--- DATA SECTION Enclosed Below ---
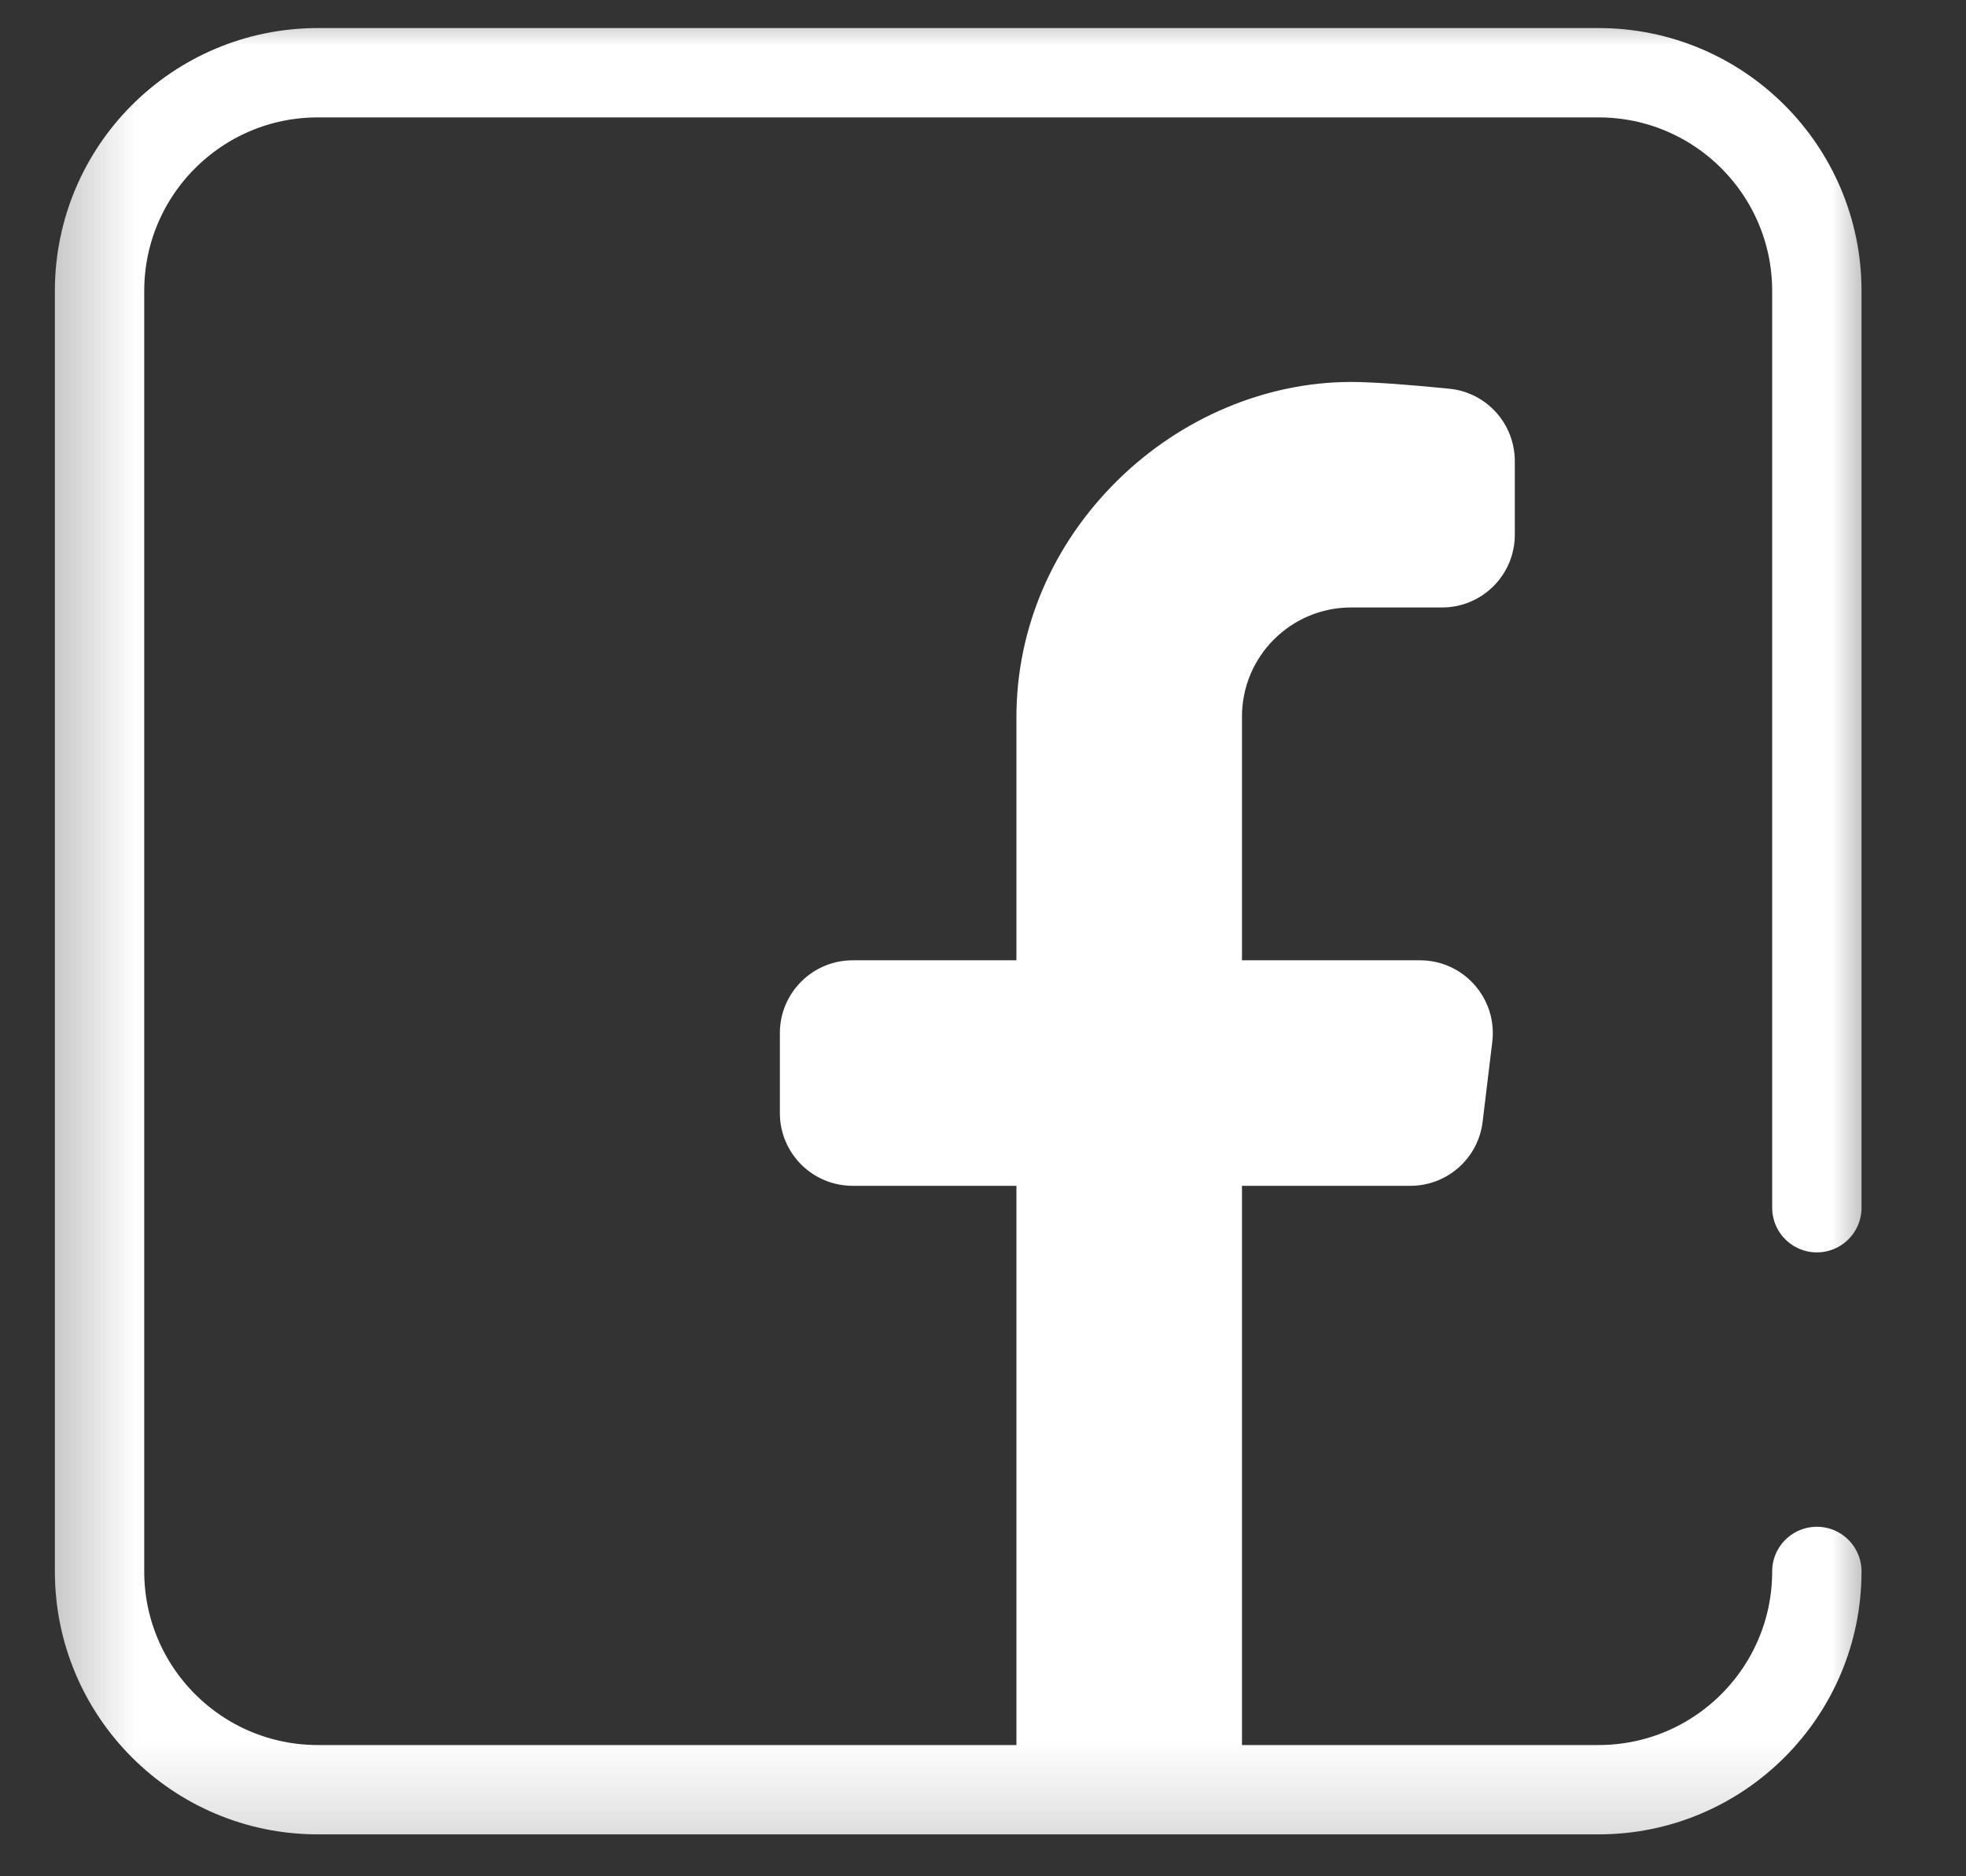 <?xml version="1.0" encoding="UTF-8"?>
<svg xmlns="http://www.w3.org/2000/svg" width="22" height="21" viewBox="0 0 22 21" fill="none">
  <rect x="0" y="0" width="22" height="21" fill="#333333" stroke="none"/>
  <mask id="mask0_2342_2998" style="mask-type:luminance" maskUnits="userSpaceOnUse" x="0" y="0" width="22" height="21">
    <path d="M0.3 -1.14441e-05H21.145V20.845H0.3V-1.14441e-05Z" fill="white"></path>
  </mask>
  <g mask="url(#mask0_2342_2998)">
    <path d="M15.119 4.275C15.372 4.275 15.808 4.309 16.221 4.351C16.636 4.393 16.951 4.744 16.951 5.161V5.985C16.951 6.434 16.587 6.799 16.137 6.799H15.119C14.445 6.799 13.898 7.346 13.898 8.02V20.031H11.374V8.027C11.374 7.036 11.777 6.093 12.508 5.374C13.218 4.675 14.17 4.275 15.119 4.275Z" fill="white"></path>
    <path d="M15.783 13.272H9.542C9.092 13.272 8.727 12.908 8.727 12.458V11.562C8.727 11.113 9.092 10.748 9.542 10.748H15.89C16.379 10.748 16.757 11.175 16.699 11.66L16.591 12.555C16.542 12.964 16.195 13.272 15.783 13.272Z" fill="white"></path>
    <path d="M20.331 17.588C20.331 18.937 19.237 20.031 17.888 20.031H3.557C2.208 20.031 1.114 18.937 1.114 17.588V3.257C1.114 1.908 2.208 0.814 3.557 0.814H17.888C19.237 0.814 20.331 1.908 20.331 3.257V13.517" stroke="white" stroke-miterlimit="10" stroke-linecap="round" stroke-linejoin="round"></path>
  </g>
</svg>
--- End of Enclosed DATA SECTION ---
> [WORK INSTRUCTIONS]:
Determine how many lines of the material hold "mask", and respond with that number only.

> [COMPLETED TASK]:
3